• Brief
Please retype the records below exactly as they appear, leaving out every picture.
Segment Open
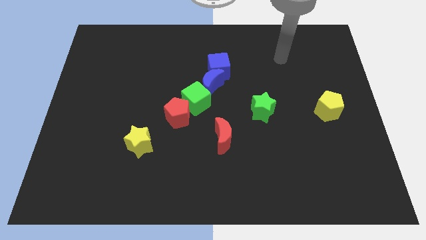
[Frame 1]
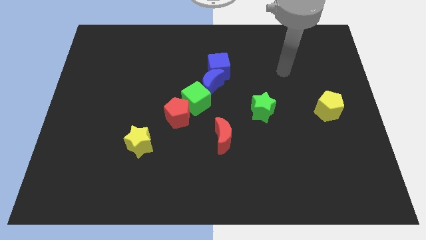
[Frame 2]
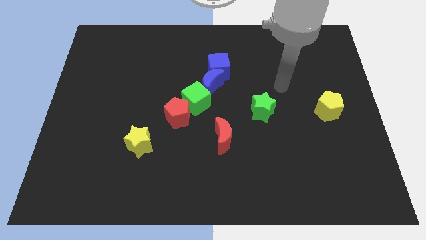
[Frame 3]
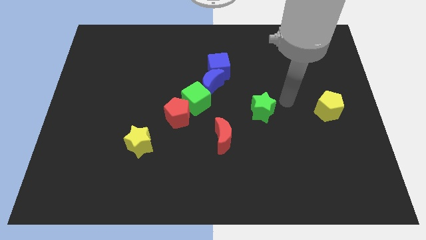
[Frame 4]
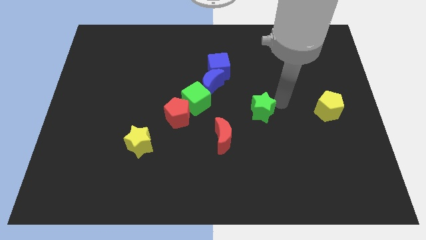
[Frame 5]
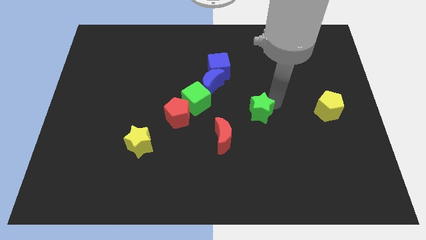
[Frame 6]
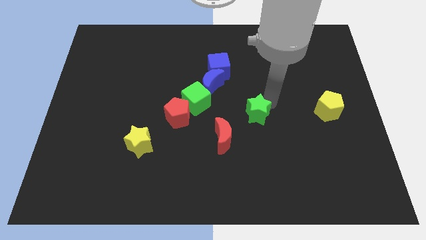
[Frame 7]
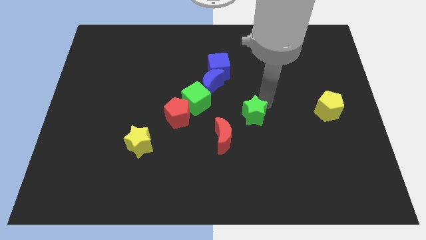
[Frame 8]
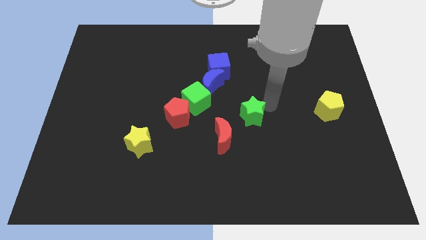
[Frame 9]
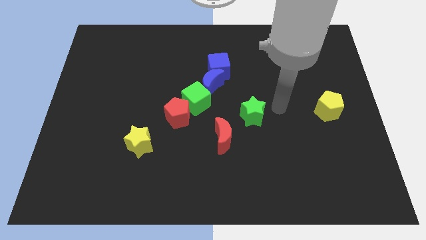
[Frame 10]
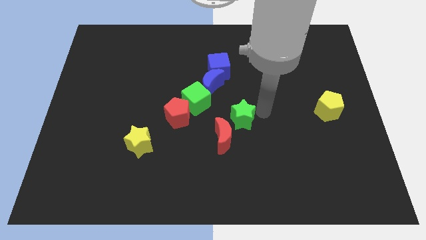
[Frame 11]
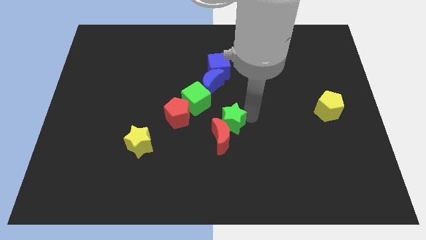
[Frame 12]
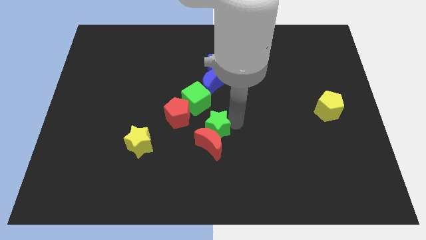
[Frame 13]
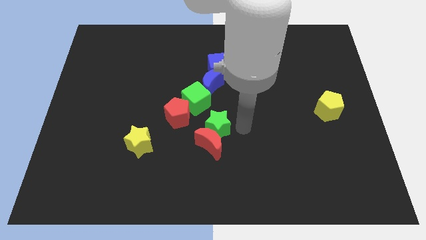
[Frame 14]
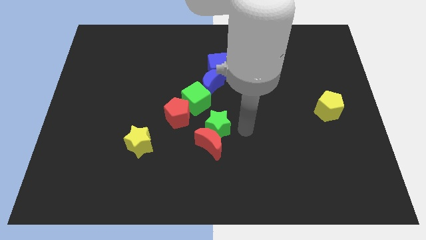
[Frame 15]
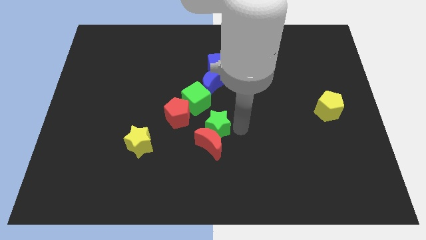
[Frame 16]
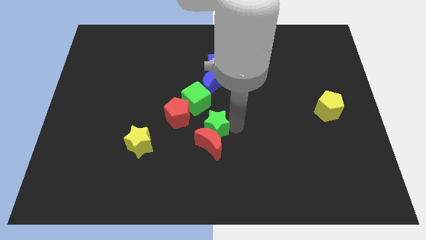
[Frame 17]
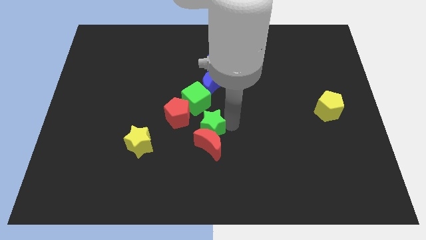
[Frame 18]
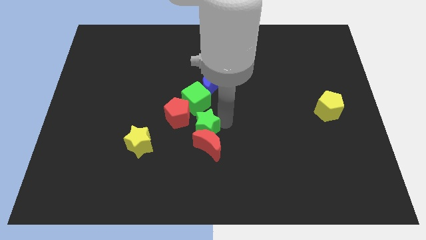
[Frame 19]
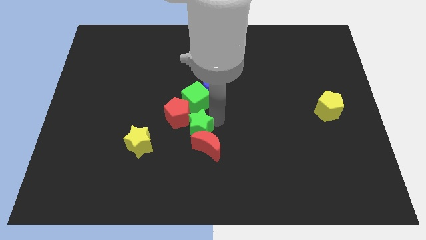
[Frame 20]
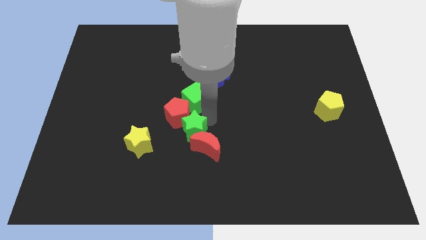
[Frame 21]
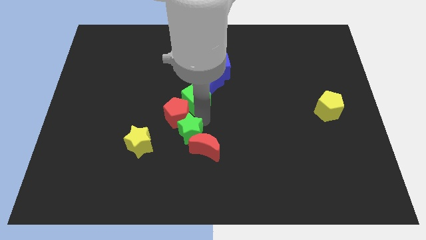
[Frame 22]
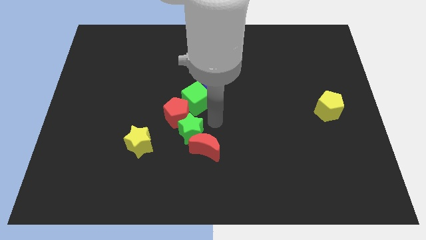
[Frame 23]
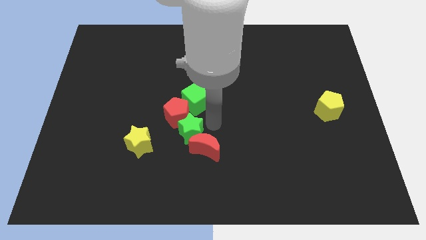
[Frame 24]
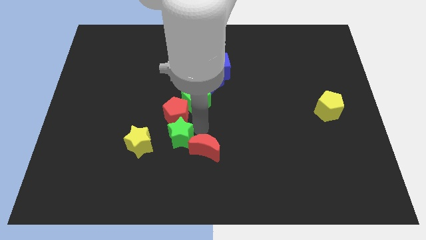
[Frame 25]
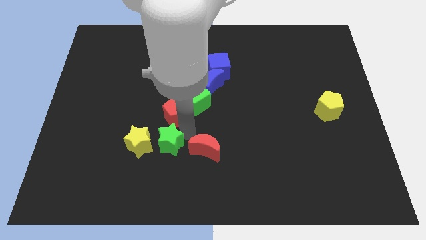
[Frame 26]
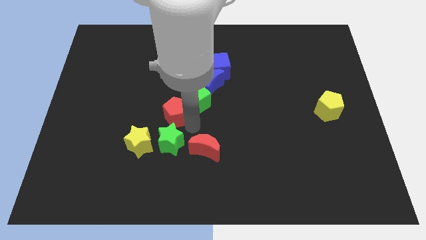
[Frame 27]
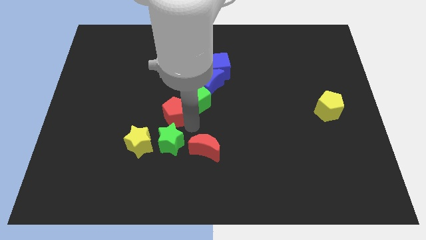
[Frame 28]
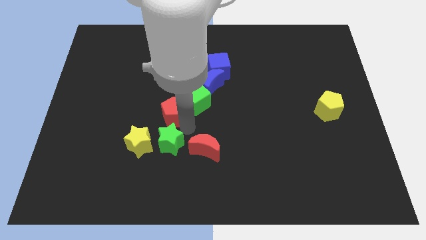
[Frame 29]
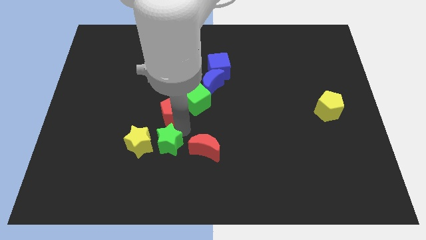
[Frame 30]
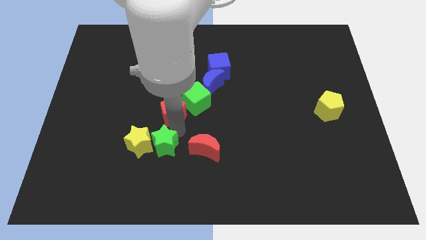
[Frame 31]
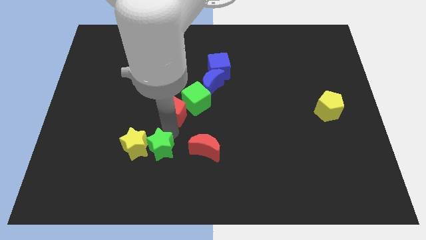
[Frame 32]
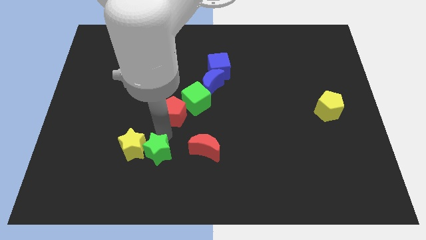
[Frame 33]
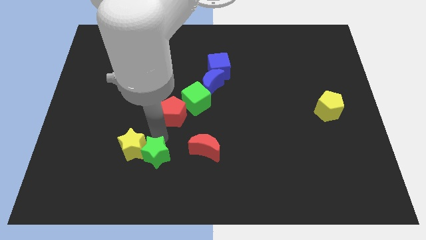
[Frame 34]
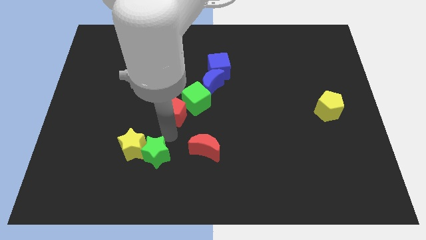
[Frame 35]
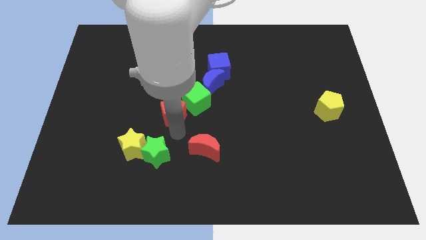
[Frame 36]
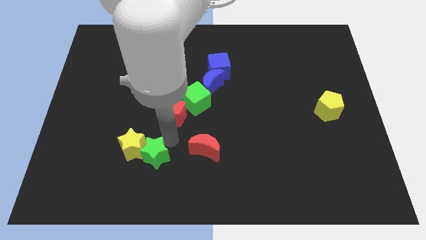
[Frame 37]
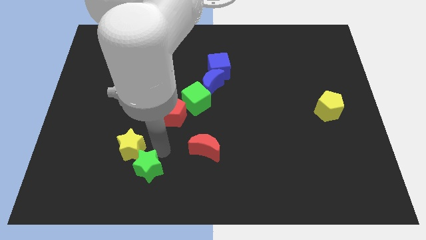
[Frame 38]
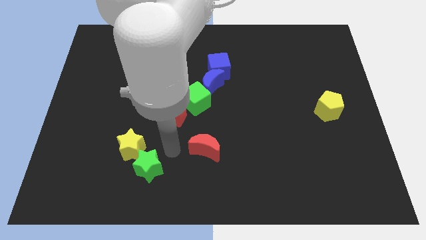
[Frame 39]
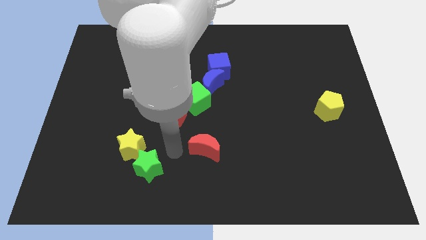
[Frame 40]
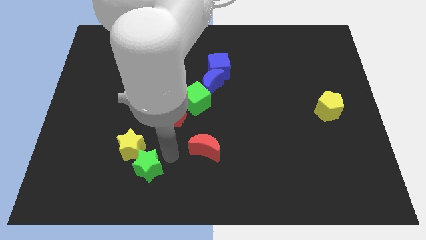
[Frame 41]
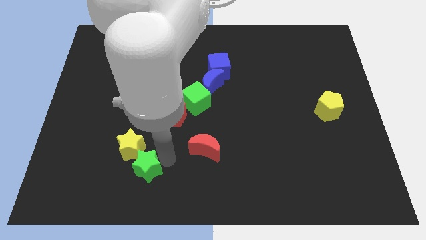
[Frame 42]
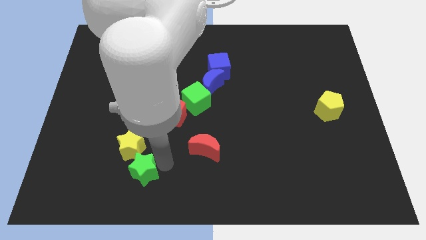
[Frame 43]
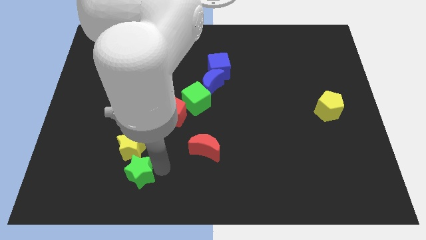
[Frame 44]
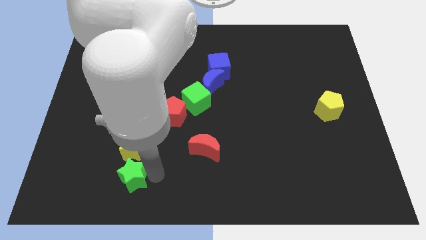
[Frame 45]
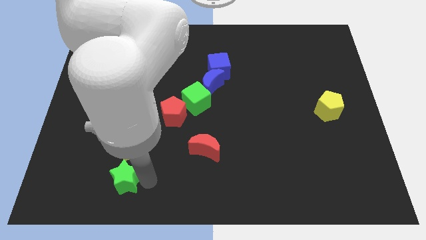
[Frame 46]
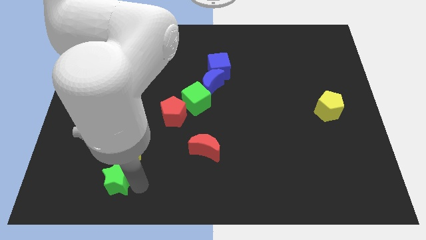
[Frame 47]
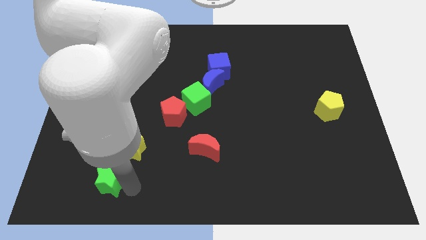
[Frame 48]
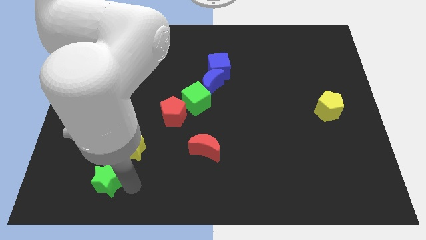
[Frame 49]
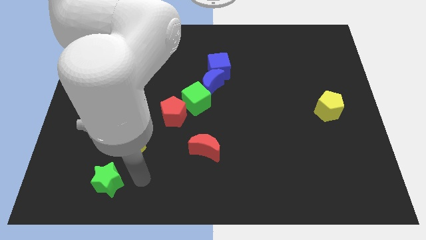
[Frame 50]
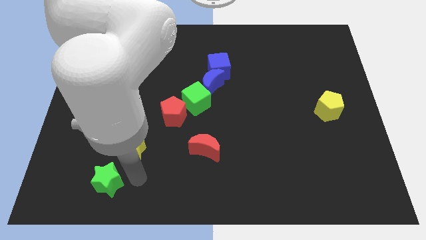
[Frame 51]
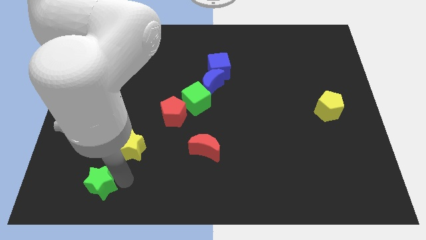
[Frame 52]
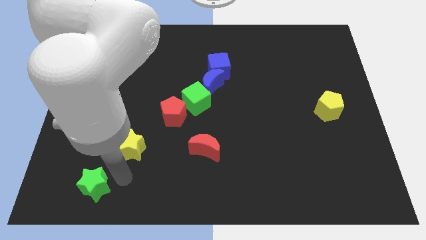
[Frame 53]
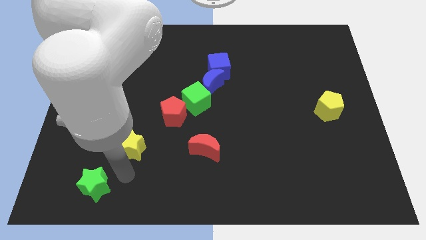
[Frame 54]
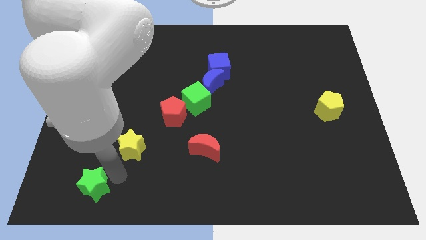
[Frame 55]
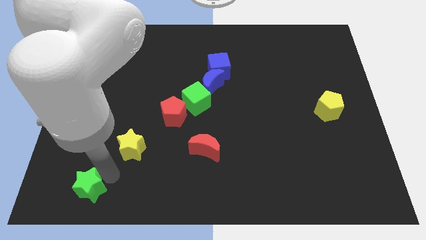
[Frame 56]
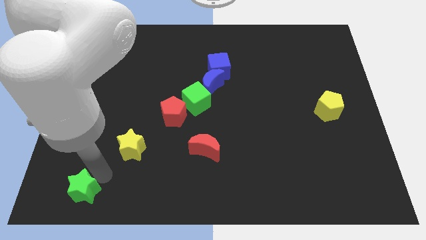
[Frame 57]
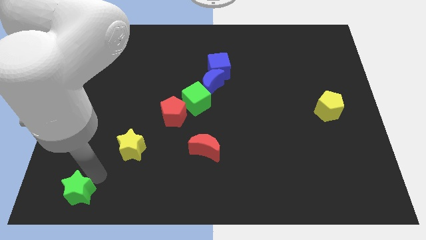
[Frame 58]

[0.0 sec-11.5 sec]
put the green star to the bottom left of the board
Segment Closed
• Reply
[Frame 1]
[Frame 2]
[Frame 3]
[Frame 4]
[Frame 5]
[Frame 6]
[Frame 7]
[Frame 8]
[Frame 9]
[Frame 10]
[Frame 11]
[Frame 12]
[Frame 13]
[Frame 14]
[Frame 15]
[Frame 16]
[Frame 17]
[Frame 18]
[Frame 19]
[Frame 20]
[Frame 21]
[Frame 22]
[Frame 23]
[Frame 24]
[Frame 25]
[Frame 26]
[Frame 27]
[Frame 28]
[Frame 29]
[Frame 30]
[Frame 31]
[Frame 32]
[Frame 33]
[Frame 34]
[Frame 35]
[Frame 36]
[Frame 37]
[Frame 38]
[Frame 39]
[Frame 40]
[Frame 41]
[Frame 42]
[Frame 43]
[Frame 44]
[Frame 45]
[Frame 46]
[Frame 47]
[Frame 48]
[Frame 49]
[Frame 50]
[Frame 51]
[Frame 52]
[Frame 53]
[Frame 54]
[Frame 55]
[Frame 56]
[Frame 57]
[Frame 58]

[0.0 sec-11.5 sec]
put the green star to the bottom left of the board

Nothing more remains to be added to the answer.